First to talk about my horrible performance (yet again). Settled in place, took oracle -- civil service. I axed rushed HC pretty easily but failed miserably on Toku (archers on hills vs. CR1 axes). After that, I kind of gave up on getting a good finish so I just slowly expanded my empire. I took the GLH although that wonder isn't so great on vanilla. I built the Colossus which was awesome. I avoided corporations and astronomy for the longest time because I was relying on those two wonders a lot.

I eventually swallowed everyone but Saladin and Monty. I switched gears to go diplo at the end but my tiny fishing colonies pushed me over the domination limit first. Finished around 70k points or so with a very late domination.

I never noticed anything different about random personalities. I didn't trade techs with the AI and I had maybe 1-2 resource trades all game long. So I have no idea who was masquerading as who.

edit: I also popped that one hut on the end of our continent. Got gold :(
 
Conquest Victory - 1230 AD. Score of 29032.

I didn't take detailed notes for this game, I just went for it. My plan from the outset was to make use of the Conquistadors and kill 'em all!

I settled in place, and built Barcelona NW of the ivory. Only other city founded by me was on an island 10 tiles directly north of the capital to claim Iron. I razed a lot of cities, keeping only the capitals and cities I thought had good production potential. By the end I had only 10 cities. Haha, I should mention that for no good reason at all I founded all of Buddhism, Hinduism, Judaism, Confucianism and Taoism. I picked up Civil Service from the Oracle in 725 BC.

Toku was first to die (War from 125 BC -> 1 AD) by way of Axes+Cats+Elephants.
Victoria was next (War from 175 BC -> 350 AD) as she was pretty weak and I just used leftover troops from Toku.
Huayna Capac (520 AD -> 660, peace for tech, 860 -> 900) with maces coming into the mix.
Guilds+HBR I had learnt around 560 AD, so it was all Conq+galley production from there.
Fake war vs Monty to get Cyrus involved, while I kill Saladin (1030 -> 1050 AD) and Washington (1090 -> 1130 AD).
Cyrus next (1140 -> 1170 AD).
Finally Monty (1190 -> 1220 AD).
 
Random personalities?
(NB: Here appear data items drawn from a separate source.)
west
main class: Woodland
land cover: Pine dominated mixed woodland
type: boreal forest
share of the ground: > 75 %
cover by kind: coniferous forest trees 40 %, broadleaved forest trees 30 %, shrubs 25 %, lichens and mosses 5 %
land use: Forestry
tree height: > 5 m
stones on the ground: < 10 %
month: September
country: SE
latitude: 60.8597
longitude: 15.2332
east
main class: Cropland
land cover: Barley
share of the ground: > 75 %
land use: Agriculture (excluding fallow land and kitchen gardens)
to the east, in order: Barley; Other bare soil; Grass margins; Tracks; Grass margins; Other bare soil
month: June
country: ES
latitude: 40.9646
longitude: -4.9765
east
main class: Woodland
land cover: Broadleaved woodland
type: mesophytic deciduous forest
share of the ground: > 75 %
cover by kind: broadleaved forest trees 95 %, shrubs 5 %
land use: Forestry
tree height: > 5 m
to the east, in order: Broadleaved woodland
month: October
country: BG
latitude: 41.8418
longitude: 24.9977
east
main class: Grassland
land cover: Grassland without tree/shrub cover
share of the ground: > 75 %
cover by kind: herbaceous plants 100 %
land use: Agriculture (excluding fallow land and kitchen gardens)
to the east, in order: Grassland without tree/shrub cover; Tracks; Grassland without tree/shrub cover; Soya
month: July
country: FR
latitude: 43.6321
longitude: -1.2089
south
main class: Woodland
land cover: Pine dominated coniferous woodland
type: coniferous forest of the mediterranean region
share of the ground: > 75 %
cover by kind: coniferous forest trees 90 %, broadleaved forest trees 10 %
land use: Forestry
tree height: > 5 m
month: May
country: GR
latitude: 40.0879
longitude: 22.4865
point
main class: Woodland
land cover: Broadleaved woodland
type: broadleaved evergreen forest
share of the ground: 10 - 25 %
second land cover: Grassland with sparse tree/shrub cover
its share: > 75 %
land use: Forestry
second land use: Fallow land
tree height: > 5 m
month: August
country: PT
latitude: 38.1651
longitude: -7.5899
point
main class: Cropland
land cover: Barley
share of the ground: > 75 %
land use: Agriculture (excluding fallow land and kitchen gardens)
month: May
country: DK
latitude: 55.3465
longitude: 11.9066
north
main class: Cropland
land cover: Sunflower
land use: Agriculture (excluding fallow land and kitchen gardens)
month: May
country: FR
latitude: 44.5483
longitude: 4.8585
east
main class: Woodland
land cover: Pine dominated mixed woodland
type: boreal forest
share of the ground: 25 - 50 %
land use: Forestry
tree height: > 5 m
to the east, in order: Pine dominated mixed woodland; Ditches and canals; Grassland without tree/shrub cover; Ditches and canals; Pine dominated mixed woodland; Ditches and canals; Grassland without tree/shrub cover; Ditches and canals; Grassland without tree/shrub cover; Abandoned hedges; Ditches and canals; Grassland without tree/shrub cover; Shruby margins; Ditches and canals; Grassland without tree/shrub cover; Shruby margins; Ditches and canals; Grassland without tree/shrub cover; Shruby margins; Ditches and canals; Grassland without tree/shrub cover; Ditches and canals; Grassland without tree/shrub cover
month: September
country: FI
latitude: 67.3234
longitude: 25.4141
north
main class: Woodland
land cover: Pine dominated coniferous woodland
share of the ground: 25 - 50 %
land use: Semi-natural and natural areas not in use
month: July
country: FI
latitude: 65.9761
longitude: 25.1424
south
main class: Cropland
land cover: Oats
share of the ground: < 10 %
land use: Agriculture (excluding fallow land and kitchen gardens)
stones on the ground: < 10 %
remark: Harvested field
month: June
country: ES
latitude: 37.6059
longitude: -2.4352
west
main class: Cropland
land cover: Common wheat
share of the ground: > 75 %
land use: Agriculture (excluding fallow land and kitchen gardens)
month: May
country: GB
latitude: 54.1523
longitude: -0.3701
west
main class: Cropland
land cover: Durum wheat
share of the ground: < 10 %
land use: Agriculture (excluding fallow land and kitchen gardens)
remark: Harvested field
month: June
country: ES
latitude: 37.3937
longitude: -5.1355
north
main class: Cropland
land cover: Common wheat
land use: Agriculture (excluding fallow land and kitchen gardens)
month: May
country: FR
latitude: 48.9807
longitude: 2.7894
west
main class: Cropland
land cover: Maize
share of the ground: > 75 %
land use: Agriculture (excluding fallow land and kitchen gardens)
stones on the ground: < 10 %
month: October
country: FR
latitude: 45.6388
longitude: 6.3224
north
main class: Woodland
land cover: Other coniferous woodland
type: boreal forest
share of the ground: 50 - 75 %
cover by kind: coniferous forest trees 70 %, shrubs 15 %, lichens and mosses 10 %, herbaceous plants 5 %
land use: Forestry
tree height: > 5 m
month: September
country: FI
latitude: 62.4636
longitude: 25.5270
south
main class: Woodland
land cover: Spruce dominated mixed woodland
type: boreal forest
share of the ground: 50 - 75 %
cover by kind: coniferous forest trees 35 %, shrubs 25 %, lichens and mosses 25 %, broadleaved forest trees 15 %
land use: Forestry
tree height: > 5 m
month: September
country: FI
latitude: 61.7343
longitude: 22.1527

Is that why HC got rolled like a Ghandi? :lol:

I went for culture just because... well, lots of food in the start. But the rest of the map sucked i nterms of cottagable tiles. HC's capitol was good, as was his second city. I eliminated him to avoid the hassle of having him exist. I only razed one of his cities, thinking, I only need to keep enough to have 9 cities to go with my 4 or five religions.

The whole game I thought it kind of strange that my cathedrals were ready to build sooner than I anticipated and I had was able to build more of them than I thought I should with the amount of religion spreading I did...:confused::confused:

I don't know, it was maybe around 1700AD when I noticed it is a small map size, and 6 cities would have been fine. OMG... how can I be so idiotic?

Good thing I wasn't going for any laurels or anything... (Challenger save).

Capitol was GPFarm. Bad idea, but I got commited to that path before there were any better options. It was the first legend. I got more GPro than GA. I settled first GA in my #2 city, and I bombed 0 / 2 / 3 iirc.

I guess I'm ready for Civ5 since I've proved I can win at this level without even thinking. :lol:

1832AD IIRC.
 
As mentioned in the first spoiler, I went for a fast conquest. From my first spoiler: "... Tokugawa was elimianted in 525 BC, Victoria in 225 BC and HC in 75 BC."

I continued the war effort with elephants, swords, axes, cats and a few upgraded maces. Cyrus died in 350 AD, Monty in 425 AD, Sal in 560 AD and Washington in 580 AD.

I never teched to Conquistadors. Around 400 AD, I had a huge pile of gold from running 0% science for so long, so I started running 100% research just to learn a few random techs and increase my score a bit.

Final results: Conquest victory in 600 AD. Base score: 1313. Final score: 55,966.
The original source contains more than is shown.